» RECORDS FOR THIS TASK
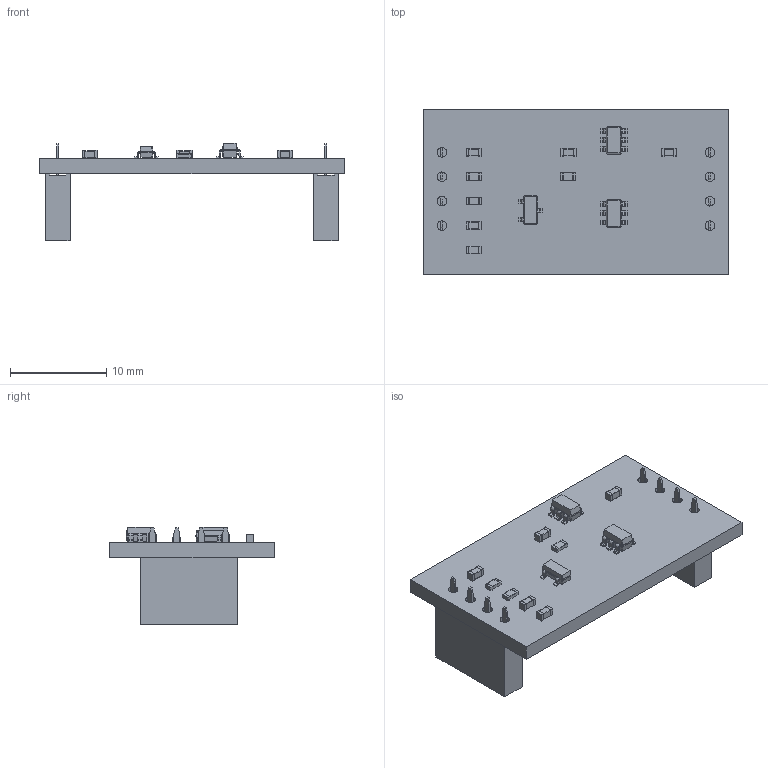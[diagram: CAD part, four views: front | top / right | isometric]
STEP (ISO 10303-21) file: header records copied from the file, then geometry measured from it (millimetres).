
FILE_DESCRIPTION(('FreeCAD Model'),'2;1');
FILE_NAME('Open CASCADE Shape Model','2023-08-22T17:35:59',(''),(''), 'Open CASCADE STEP processor 7.6','FreeCAD','Unknown');
FILE_SCHEMA(('AUTOMOTIVE_DESIGN { 1 0 10303 214 1 1 1 1 }'));
Length unit declared in the file: millimetre
Products named in the file (13): RF_switch; Local_CS_30b1; Board_Geoms_30b1; Pcb_30b1; PCB_Sketch_30b1; Step_Models_30b1; Top_30b1; C38_C_0603_1608Metric_d5af24369ee4; U7_SOT_23_6_158c50deeff2; R24_R_0603_1608Metric_a042394856b3; Q4_SOT_23_04617d57f779; Bot_30b1; J7_PinSocket_1x04_P254mm_Vertical_10eb51321a0d
Assembly tree (20 placements, depth 4):
  RF_switch
    Local_CS_30b1
    Board_Geoms_30b1
      Pcb_30b1
      PCB_Sketch_30b1
    Step_Models_30b1
      Top_30b1
        C38_C_0603_1608Metric_d5af24369ee4  x5
        U7_SOT_23_6_158c50deeff2  x2
        R24_R_0603_1608Metric_a042394856b3  x3
        Q4_SOT_23_04617d57f779
      Bot_30b1
        J7_PinSocket_1x04_P254mm_Vertical_10eb51321a0d  x2
Bounding box: 31.75 x 17.14 x 10.15 mm (x, y, z)
Volume: 1224.6 mm3; surface area: 2027.2 mm2
Topology: 14 solids, 14 shells, 824 faces, 2108 edges, 1350 vertices
Faces by surface type: plane 585, cylinder 152, bspline 87
Full cylindrical faces by diameter (mm): 1 x8
Entity records: 14893 total; most frequent: CARTESIAN_POINT 2330, ORIENTED_EDGE 2036, DIRECTION 1818, EDGE_CURVE 1018, LINE 830, VECTOR 830, VERTEX_POINT 642, AXIS2_PLACEMENT_3D 494

» PROBLEM
Write the listing out again in full and unchanged, minus any pictures.

» TASK ANSWER
[diagram: CAD part, four views: front | top / right | isometric]
STEP (ISO 10303-21) file: header records copied from the file, then geometry measured from it (millimetres).
FILE_DESCRIPTION(('FreeCAD Model'),'2;1');
FILE_NAME('Open CASCADE Shape Model','2023-08-22T17:35:59',(''),(''), 'Open CASCADE STEP processor 7.6','FreeCAD','Unknown');
FILE_SCHEMA(('AUTOMOTIVE_DESIGN { 1 0 10303 214 1 1 1 1 }'));
Length unit declared in the file: millimetre
Products named in the file (13): RF_switch; Local_CS_30b1; Board_Geoms_30b1; Pcb_30b1; PCB_Sketch_30b1; Step_Models_30b1; Top_30b1; C38_C_0603_1608Metric_d5af24369ee4; U7_SOT_23_6_158c50deeff2; R24_R_0603_1608Metric_a042394856b3; Q4_SOT_23_04617d57f779; Bot_30b1; J7_PinSocket_1x04_P254mm_Vertical_10eb51321a0d
Assembly tree (20 placements, depth 4):
  RF_switch
    Local_CS_30b1
    Board_Geoms_30b1
      Pcb_30b1
      PCB_Sketch_30b1
    Step_Models_30b1
      Top_30b1
        C38_C_0603_1608Metric_d5af24369ee4  x5
        U7_SOT_23_6_158c50deeff2  x2
        R24_R_0603_1608Metric_a042394856b3  x3
        Q4_SOT_23_04617d57f779
      Bot_30b1
        J7_PinSocket_1x04_P254mm_Vertical_10eb51321a0d  x2
Bounding box: 31.75 x 17.14 x 10.15 mm (x, y, z)
Volume: 1224.6 mm3; surface area: 2027.2 mm2
Topology: 14 solids, 14 shells, 824 faces, 2108 edges, 1350 vertices
Faces by surface type: plane 585, cylinder 152, bspline 87
Full cylindrical faces by diameter (mm): 1 x8
Entity records: 14893 total; most frequent: CARTESIAN_POINT 2330, ORIENTED_EDGE 2036, DIRECTION 1818, EDGE_CURVE 1018, LINE 830, VECTOR 830, VERTEX_POINT 642, AXIS2_PLACEMENT_3D 494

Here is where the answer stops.